For each line below that contains the word "width", make a copy.

----

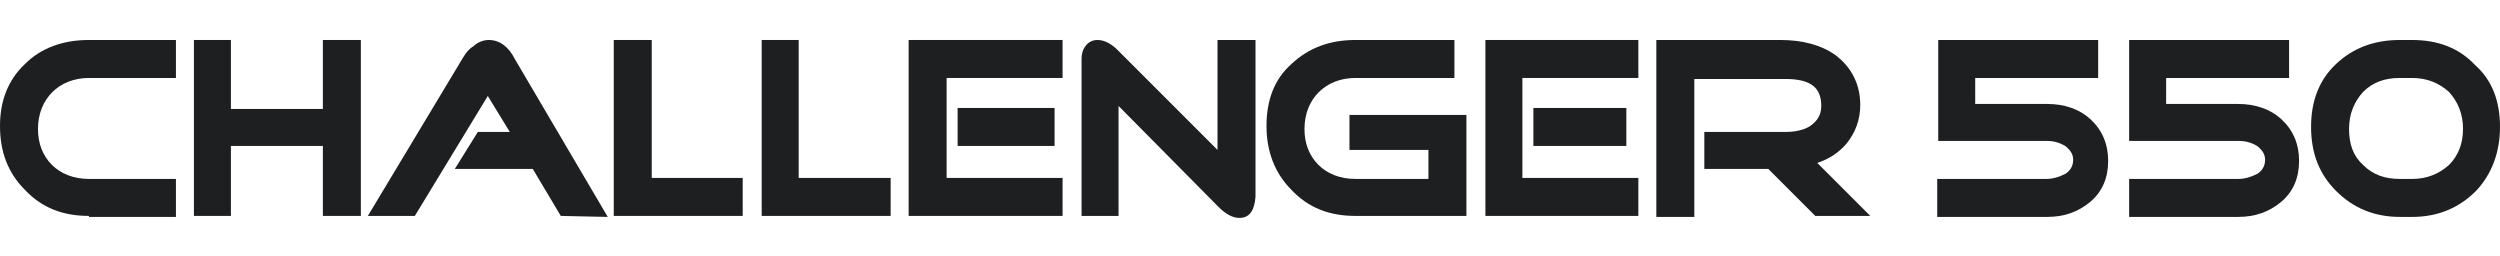 <?xml version="1.0" encoding="utf-8"?>
<!-- Generator: Adobe Illustrator 28.0.0, SVG Export Plug-In . SVG Version: 6.00 Build 0)  -->
<svg version="1.1" id="product-name-logo" xmlns="http://www.w3.org/2000/svg" xmlns:xlink="http://www.w3.org/1999/xlink" x="0px"
	 y="0px" viewBox="0 0 250.1 25.6" style="enable-background:new 0 0 250.1 25.6;" xml:space="preserve">
<style type="text/css">
	.st0{fill:#1E1F20;}
</style>
<g>
	<polygon class="st0" points="148.6,4 148.6,21.6 163.9,21.6 163.9,17.8 152.3,17.8 152.3,7.8 163.9,7.8 163.9,4 	"/>
	<g>
		<path class="st0" d="M8.9,21.6c-2.6,0-4.7-0.8-6.4-2.6C0.8,17.3,0,15.2,0,12.6C0,10.1,0.8,8,2.5,6.4C4.1,4.8,6.3,4,8.9,4h8.7v3.8
			H8.9c-3,0-5.1,2.1-5.1,5.1c0,1.5,0.5,2.7,1.4,3.6c0.9,0.9,2.2,1.4,3.7,1.4h8.7v3.8H8.9z"/>
		<path class="st0" d="M56.1,21.6l-2.8-4.7h-7.8l2.3-3.7H51l-2.2-3.6l-7.3,12h-4.7l9.5-15.8c0.3-0.5,0.6-0.9,1.1-1.2
			C47.8,4.2,48.4,4,48.9,4c1.1,0,2,0.7,2.6,1.9l9.3,15.8L56.1,21.6z"/>
	</g>
	<polygon class="st0" points="61.4,4 61.4,21.6 74.3,21.6 74.3,17.8 65.2,17.8 65.2,4 	"/>
	<polygon class="st0" points="76.2,4 76.2,21.6 89.1,21.6 89.1,17.8 79.9,17.8 79.9,4 	"/>
	<rect x="95.8" y="10.8" class="st0" width="9.7" height="3.8"/>
	<polygon class="st0" points="90.9,4 90.9,21.6 106.3,21.6 106.3,17.8 94.7,17.8 94.7,7.8 106.3,7.8 106.3,4 	"/>
	<g>
		<path class="st0" d="M124,21.8c-0.7,0-1.4-0.4-2.1-1.1l-10-10.1v11h-3.7V5.9c0-0.5,0.1-0.9,0.4-1.3c0.3-0.4,0.7-0.6,1.2-0.6
			c0.7,0,1.4,0.4,2,1l10,10l0-11h3.8v15.7C125.5,20.9,125.1,21.8,124,21.8"/>
		<path class="st0" d="M135.6,21.6c-2.6,0-4.7-0.8-6.4-2.6c-1.7-1.7-2.5-3.9-2.5-6.4c0-2.6,0.8-4.7,2.5-6.2c1.7-1.6,3.8-2.4,6.4-2.4
			h9.9v3.8h-9.9c-3,0-5.1,2.1-5.1,5.1c0,1.5,0.5,2.7,1.4,3.6c0.9,0.9,2.2,1.4,3.7,1.4h7.3V15H135v-3.5h11.7v10.1H135.6z"/>
		<path class="st0" d="M181.6,21.6l-4.7-4.7h-6.4v-3.7h8.1c1,0,1.9-0.2,2.5-0.6c0.7-0.5,1.1-1.1,1.1-2c0-1.8-1-2.7-3.6-2.7h-9.1
			v13.8h-3.8V4h12.4c2.2,0,4.1,0.5,5.5,1.5c1.6,1.2,2.5,2.9,2.5,5c0,1.5-0.5,2.8-1.4,3.9c-0.8,0.9-1.7,1.5-2.9,1.9l5.3,5.3H181.6z"
			/>
	</g>
	<polygon class="st0" points="32.3,4 32.3,10.9 23.1,10.9 23.1,4 19.4,4 19.4,21.6 23.1,21.6 23.1,14.6 32.3,14.6 32.3,21.6 
		36.1,21.6 36.1,4 	"/>
	<rect x="153.4" y="10.8" class="st0" width="9.3" height="3.8"/>
	<g>
		<path class="st0" d="M250.1,12.7c0-2.6-0.8-4.7-2.5-6.2C246,4.8,243.9,4,241.3,4h-1.2c-2.6,0-4.7,0.8-6.4,2.4
			c-1.7,1.6-2.5,3.7-2.5,6.3c0,2.6,0.8,4.7,2.5,6.4c1.7,1.7,3.8,2.6,6.4,2.6h1.2c2.6,0,4.7-0.9,6.4-2.6
			C249.3,17.4,250.1,15.2,250.1,12.7 M246.4,12.9c0,1.5-0.5,2.7-1.4,3.6c-1,0.9-2.2,1.4-3.7,1.4h-1.2c-1.5,0-2.7-0.4-3.7-1.4
			c-1-0.9-1.4-2.1-1.4-3.6c0-1.5,0.5-2.7,1.4-3.7c1-1,2.2-1.4,3.7-1.4h1.2c1.5,0,2.7,0.5,3.7,1.4C245.9,10.2,246.4,11.4,246.4,12.9"
			/>
		<path class="st0" d="M213,21.7v-3.8h10.9c0.7,0,1.3-0.2,1.9-0.5c0.5-0.3,0.8-0.8,0.8-1.4c0-0.6-0.3-1-0.8-1.4
			c-0.5-0.3-1.1-0.5-1.8-0.5H213V4h16v3.8h-12.3v2.6h7.2c1.7,0,3.2,0.5,4.3,1.5c1.2,1.1,1.8,2.5,1.8,4.2c0,1.7-0.6,3.1-1.8,4.1
			c-1.2,1-2.6,1.5-4.3,1.5H213z"/>
		<path class="st0" d="M193.8,21.7v-3.8h10.9c0.7,0,1.3-0.2,1.9-0.5c0.5-0.3,0.8-0.8,0.8-1.4c0-0.6-0.3-1-0.8-1.4
			c-0.5-0.3-1.1-0.5-1.8-0.5h-10.9V4h16v3.8h-12.3v2.6h7.2c1.7,0,3.2,0.5,4.3,1.5c1.2,1.1,1.8,2.5,1.8,4.2c0,1.7-0.6,3.1-1.8,4.1
			c-1.2,1-2.6,1.5-4.3,1.5H193.8z"/>
	</g>
</g>
</svg>

----

## Output for this task
	<rect x="95.8" y="10.8" class="st0" width="9.7" height="3.8"/>
	<rect x="153.4" y="10.8" class="st0" width="9.3" height="3.8"/>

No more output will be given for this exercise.